Regardless of deal or no deal, the state of the economy, good or bad, will ultimately decide the fate of pensions. Forecasts are good, bad and indifferent - depending on who you read - so frustratingly, it’s another case of sit tight. Unless working into your seventies sounds fun. 

Sterling

The pound has dropped in value since the Brexit referendum. Sure, most of that's down to uncertainty as we scrape through a period of unprecedented change. 

But this is another key area where the difference between deal and no deal outcomes is stark. Leaving with a deal, so say US bank Morgan Stanley, will likely cause a resurgence in the pound's power because relative certainty can be brought back to forecasting. 

If it's a no deal, however, Sterling's up-and-down performance is expected to continue.

In general?

A study for thinktank Global Future – led by Professor Jonathan Portes of King’s College London – states that both deal and no deal scenarios would hurt UK citizens. 

According to Professor Portes, a no deal scenario will hurt the UK treasury by £81bn per year by 2034. A deal, will cost less at £40bn per year. If Global Future is correct, a big hole in the public purse means we can expect cutbacks, perhaps in health, education, transport and the arts. 

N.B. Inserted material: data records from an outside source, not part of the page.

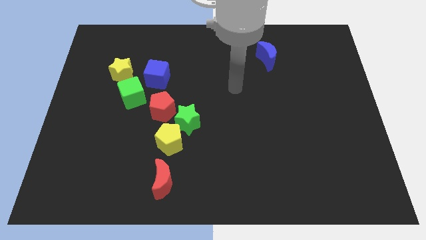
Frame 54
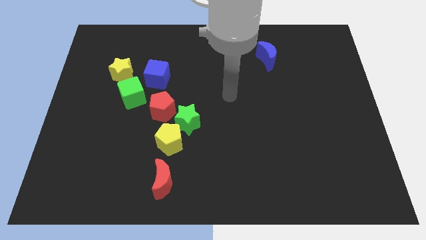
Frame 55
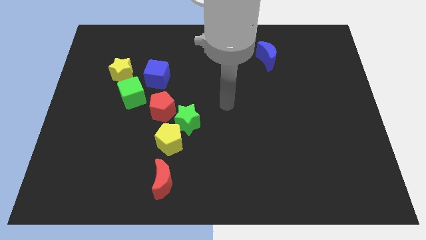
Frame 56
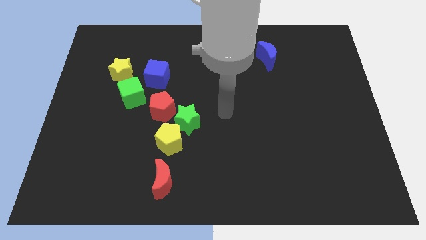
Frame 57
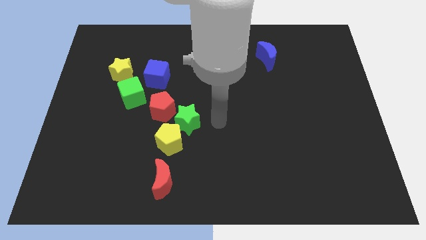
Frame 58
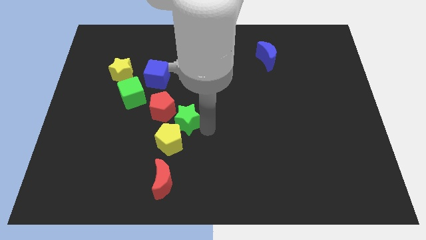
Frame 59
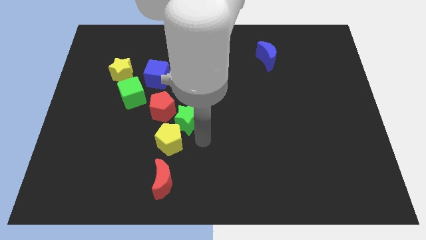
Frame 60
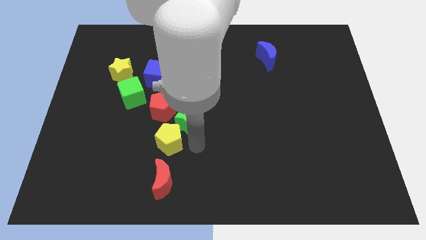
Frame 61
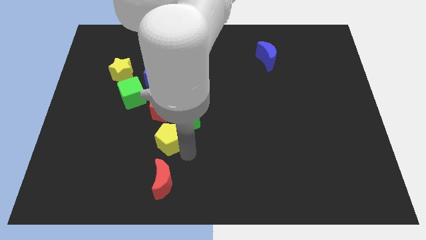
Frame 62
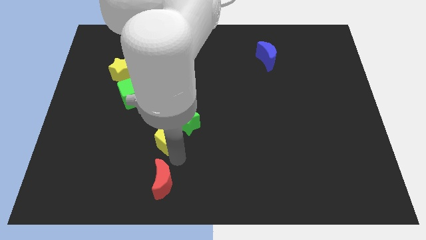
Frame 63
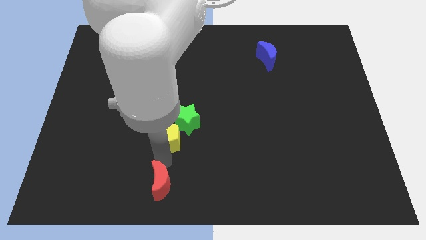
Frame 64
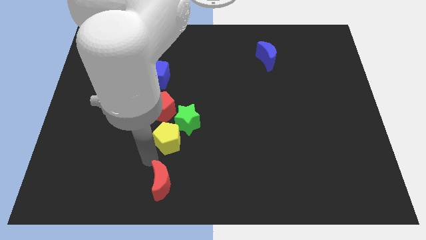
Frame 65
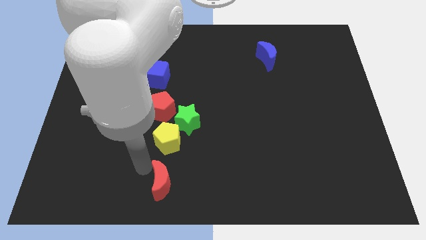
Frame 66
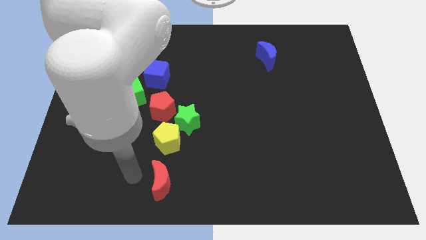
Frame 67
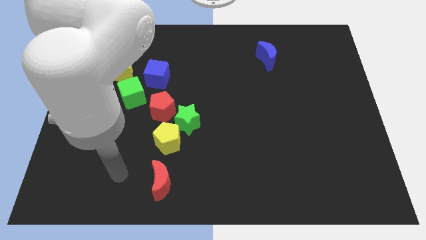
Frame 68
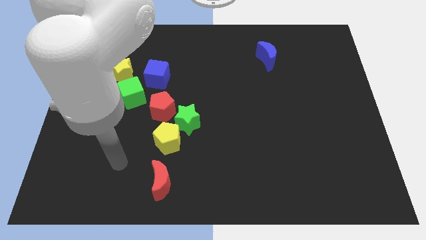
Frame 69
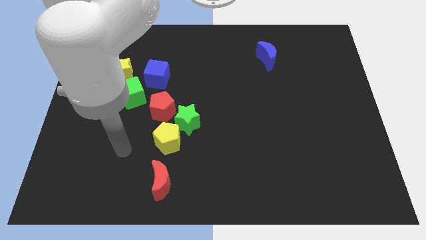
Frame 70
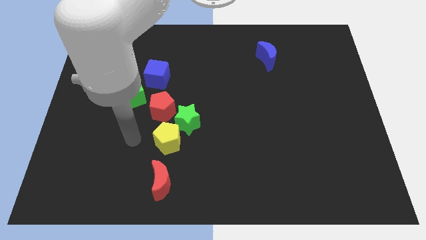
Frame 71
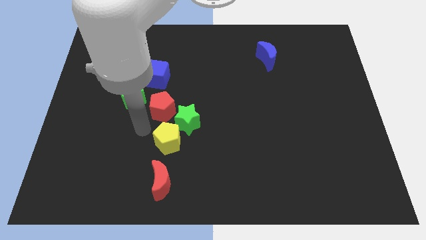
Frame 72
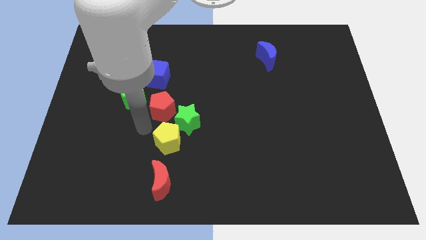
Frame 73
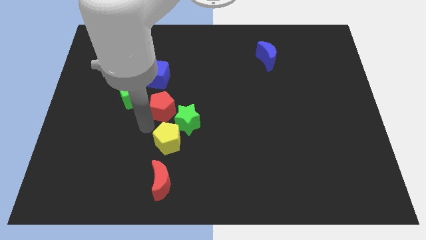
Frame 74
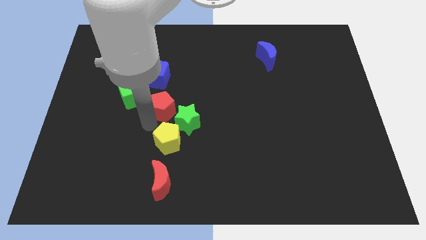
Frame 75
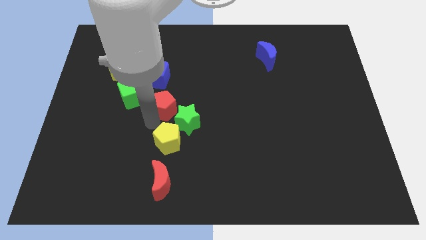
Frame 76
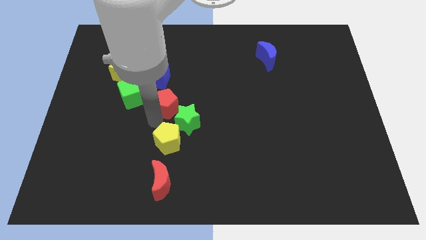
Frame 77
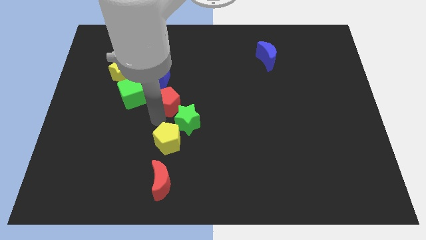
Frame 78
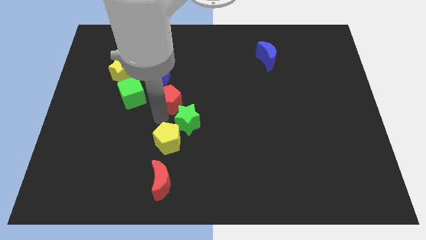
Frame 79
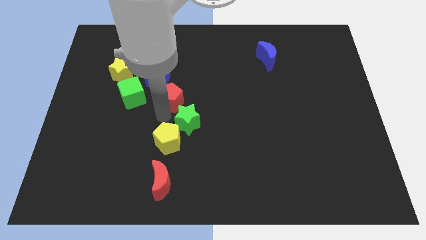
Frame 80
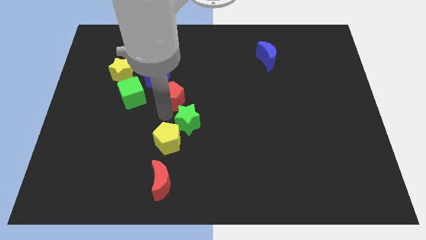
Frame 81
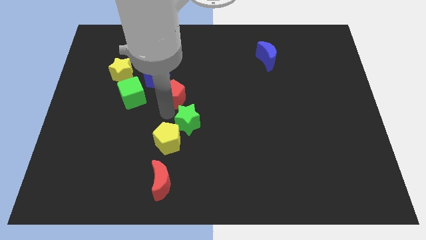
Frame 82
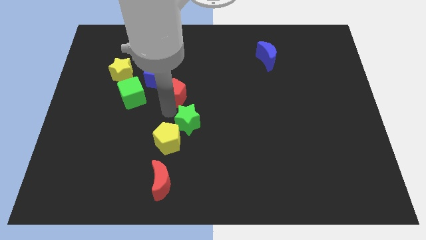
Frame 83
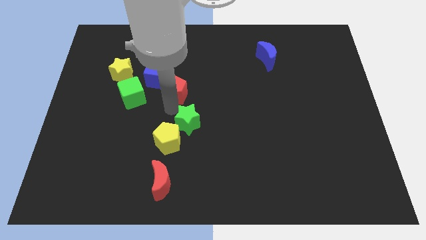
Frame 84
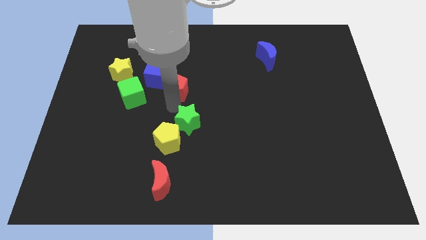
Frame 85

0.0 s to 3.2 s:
push the red pentagon just right of the blue cube

So as much as everyday spending will fluctuate, changes to funding at a higher level funding could pack a more substantial punch in our finances should the cost of services creep up. 

Continuing the Schrodinger's Cat metaphor, Brexit and its effect can be discussed, considered and debated by experts in every field. But until the box is opened and we see what's inside, it's all guesswork. 

Britain, far from being a lion or a dragon is, at this point, a cat in a box whose fate is unknown.